**Exercise aim**: For the entries that appear below, write out the exact text and omit the pictures.

(Records excerpted from a collection)

####################

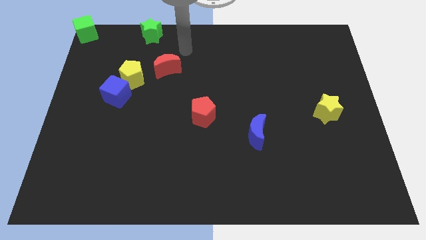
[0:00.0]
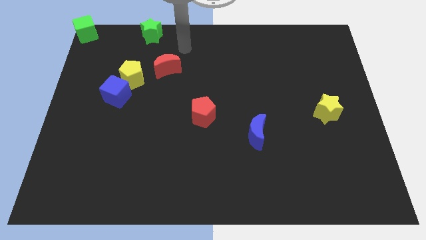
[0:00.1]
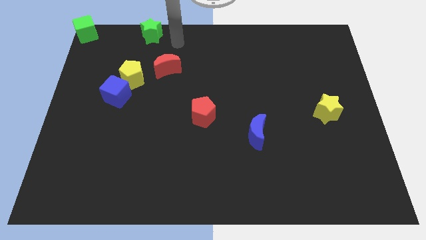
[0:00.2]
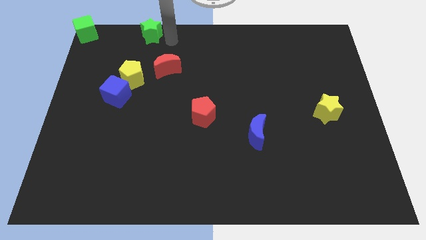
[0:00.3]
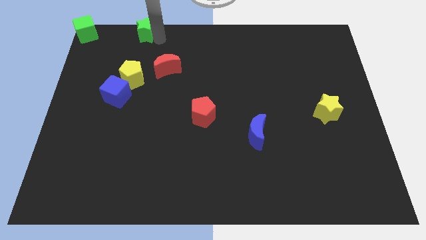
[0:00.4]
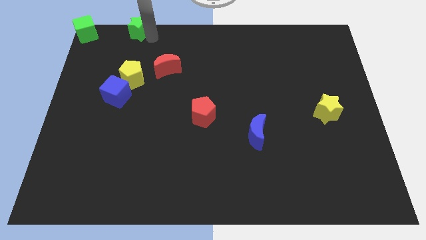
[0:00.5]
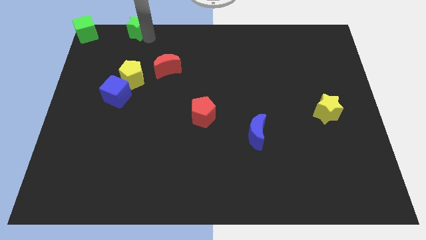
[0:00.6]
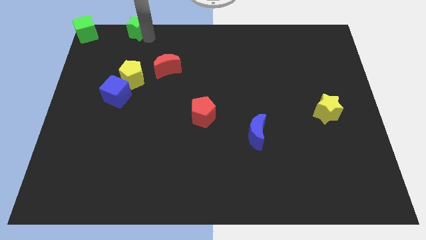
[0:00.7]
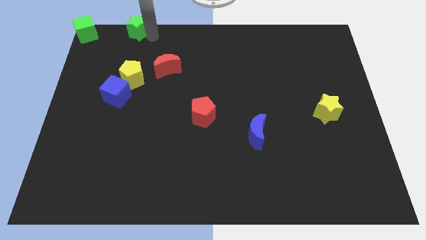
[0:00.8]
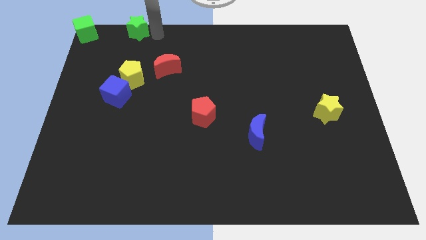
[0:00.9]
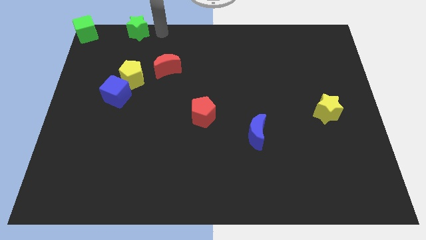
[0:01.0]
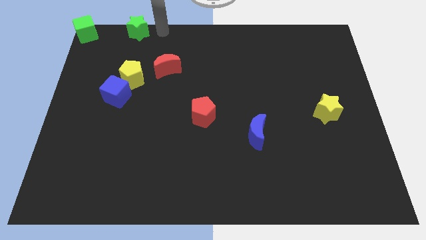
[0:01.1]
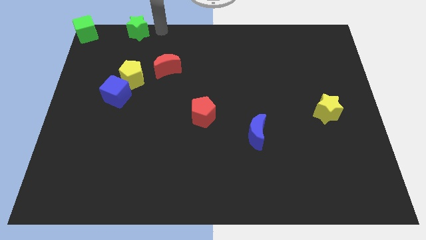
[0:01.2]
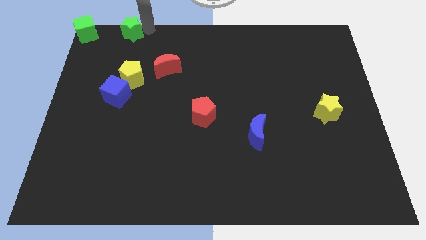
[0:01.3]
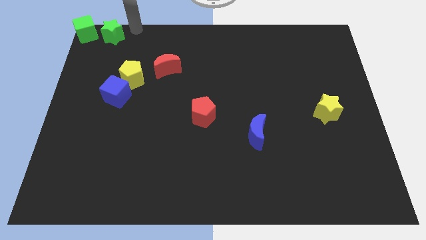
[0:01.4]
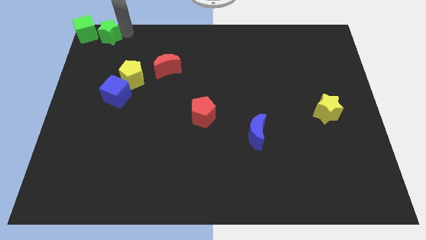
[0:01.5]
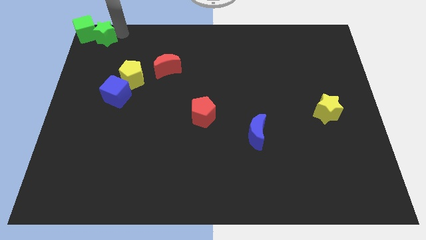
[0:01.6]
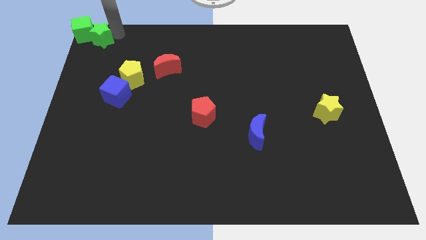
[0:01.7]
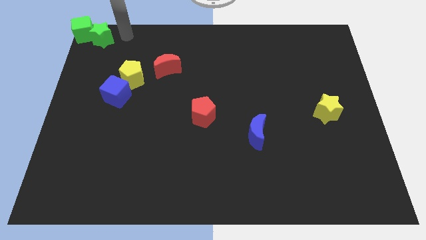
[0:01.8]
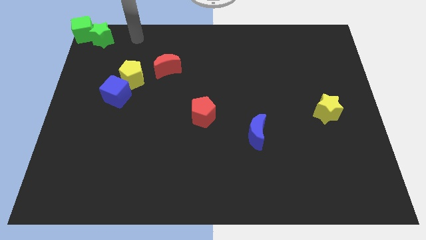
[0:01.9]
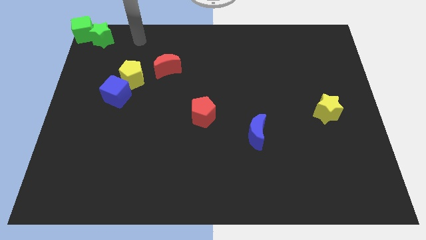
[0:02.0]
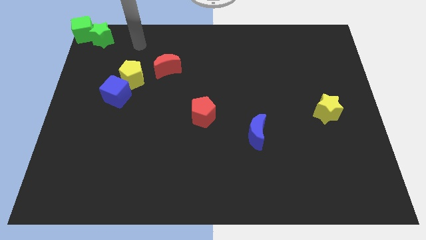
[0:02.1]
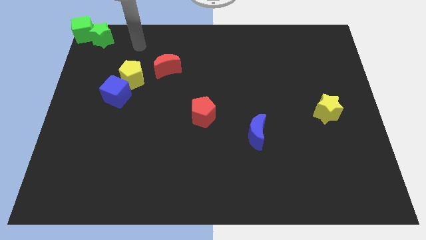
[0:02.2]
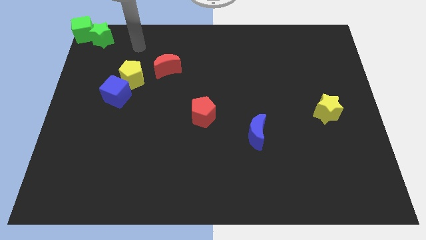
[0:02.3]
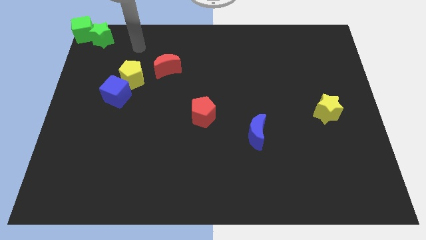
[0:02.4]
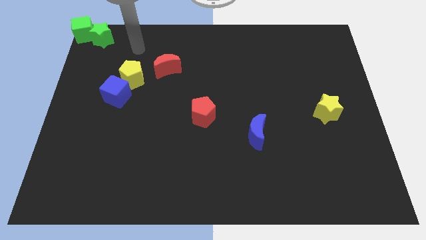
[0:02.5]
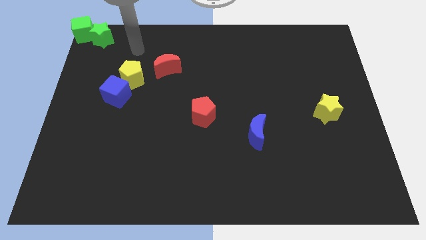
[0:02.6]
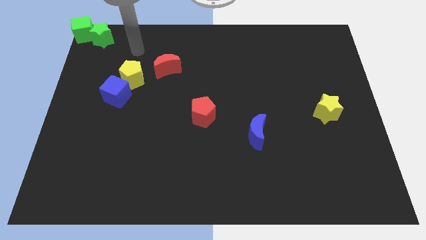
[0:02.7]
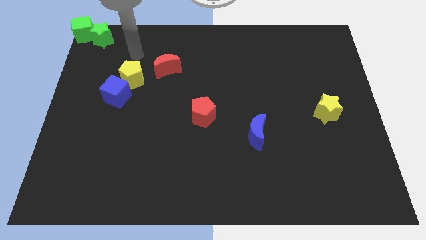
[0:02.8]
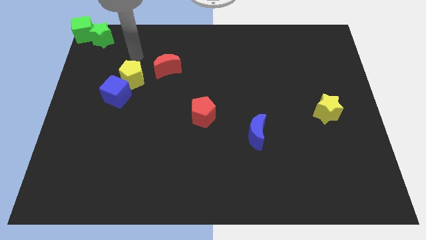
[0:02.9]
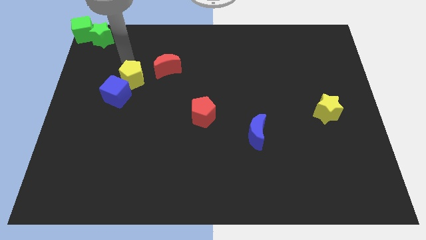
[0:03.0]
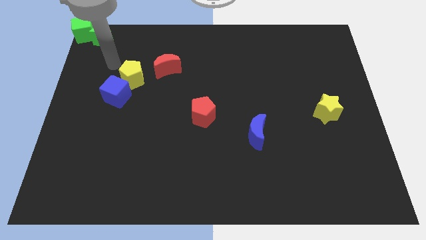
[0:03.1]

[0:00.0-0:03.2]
push the green star into the green cube

####################

**Exercise response**:
[0:00.0]
[0:00.1]
[0:00.2]
[0:00.3]
[0:00.4]
[0:00.5]
[0:00.6]
[0:00.7]
[0:00.8]
[0:00.9]
[0:01.0]
[0:01.1]
[0:01.2]
[0:01.3]
[0:01.4]
[0:01.5]
[0:01.6]
[0:01.7]
[0:01.8]
[0:01.9]
[0:02.0]
[0:02.1]
[0:02.2]
[0:02.3]
[0:02.4]
[0:02.5]
[0:02.6]
[0:02.7]
[0:02.8]
[0:02.9]
[0:03.0]
[0:03.1]

[0:00.0-0:03.2]
push the green star into the green cube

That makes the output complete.